Segment Start: Supplied data

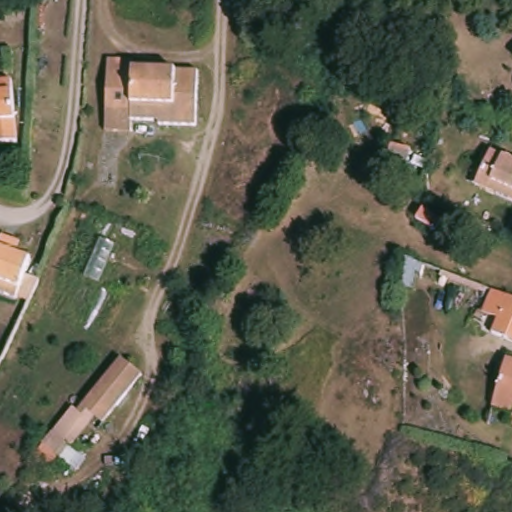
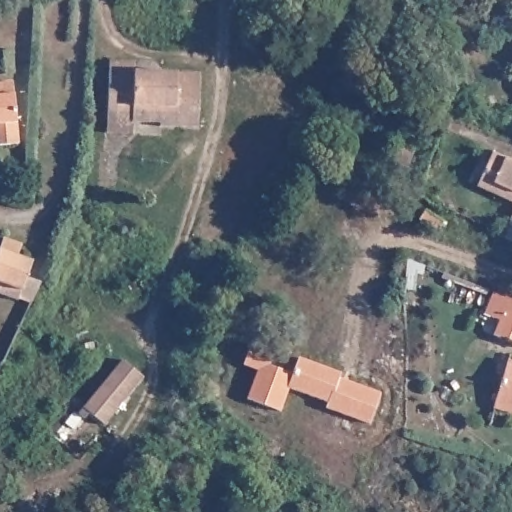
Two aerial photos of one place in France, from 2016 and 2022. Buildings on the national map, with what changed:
unchanged [(192,128),(156,124),(156,120),(131,117),(129,131),(104,127),(112,68),(114,56),(137,59),(136,67),(200,75),(192,128)]
unchanged [(15,147),(0,147),(0,85),(16,85),(15,147)]
unchanged [(477,176),(485,159),(488,150),(512,161),(512,202),(493,193),(472,184),(477,176)]
unchanged [(409,173),(389,169),(392,154),(412,157),(409,173)]
unchanged [(442,233),(423,226),(428,214),(447,222),(442,233)]
unchanged [(7,246),(24,255),(19,266),(31,273),(11,310),(0,304),(0,259),(1,257),(7,246)]
unchanged [(423,277),(417,277),(416,293),(405,292),(408,261),(424,267),(423,277)]
unchanged [(500,331),(507,314),(491,308),(499,287),(512,292),(512,335),(500,331)]
new [(370,425),(326,407),(327,402),(291,388),(281,414),(247,398),(256,371),(242,364),(252,342),(277,352),(271,367),(292,374),(299,358),(341,375),(340,378),(382,396),(370,425)]
unchanged [(114,359),(137,372),(107,425),(91,416),(88,420),(86,423),(80,418),(82,415),(114,359)]
unchanged [(512,362),(512,414),(492,408),(506,361),(512,362)]

Segment End: Supplied data

#### [Exercise]
Verbatim repetition of the entries is required, excluding any pictures.

#### [Result of the exercise]
Two aerial photos of one place in France, from 2016 and 2022. Buildings on the national map, with what changed:
unchanged [(192,128),(156,124),(156,120),(131,117),(129,131),(104,127),(112,68),(114,56),(137,59),(136,67),(200,75),(192,128)]
unchanged [(15,147),(0,147),(0,85),(16,85),(15,147)]
unchanged [(477,176),(485,159),(488,150),(512,161),(512,202),(493,193),(472,184),(477,176)]
unchanged [(409,173),(389,169),(392,154),(412,157),(409,173)]
unchanged [(442,233),(423,226),(428,214),(447,222),(442,233)]
unchanged [(7,246),(24,255),(19,266),(31,273),(11,310),(0,304),(0,259),(1,257),(7,246)]
unchanged [(423,277),(417,277),(416,293),(405,292),(408,261),(424,267),(423,277)]
unchanged [(500,331),(507,314),(491,308),(499,287),(512,292),(512,335),(500,331)]
new [(370,425),(326,407),(327,402),(291,388),(281,414),(247,398),(256,371),(242,364),(252,342),(277,352),(271,367),(292,374),(299,358),(341,375),(340,378),(382,396),(370,425)]
unchanged [(114,359),(137,372),(107,425),(91,416),(88,420),(86,423),(80,418),(82,415),(114,359)]
unchanged [(512,362),(512,414),(492,408),(506,361),(512,362)]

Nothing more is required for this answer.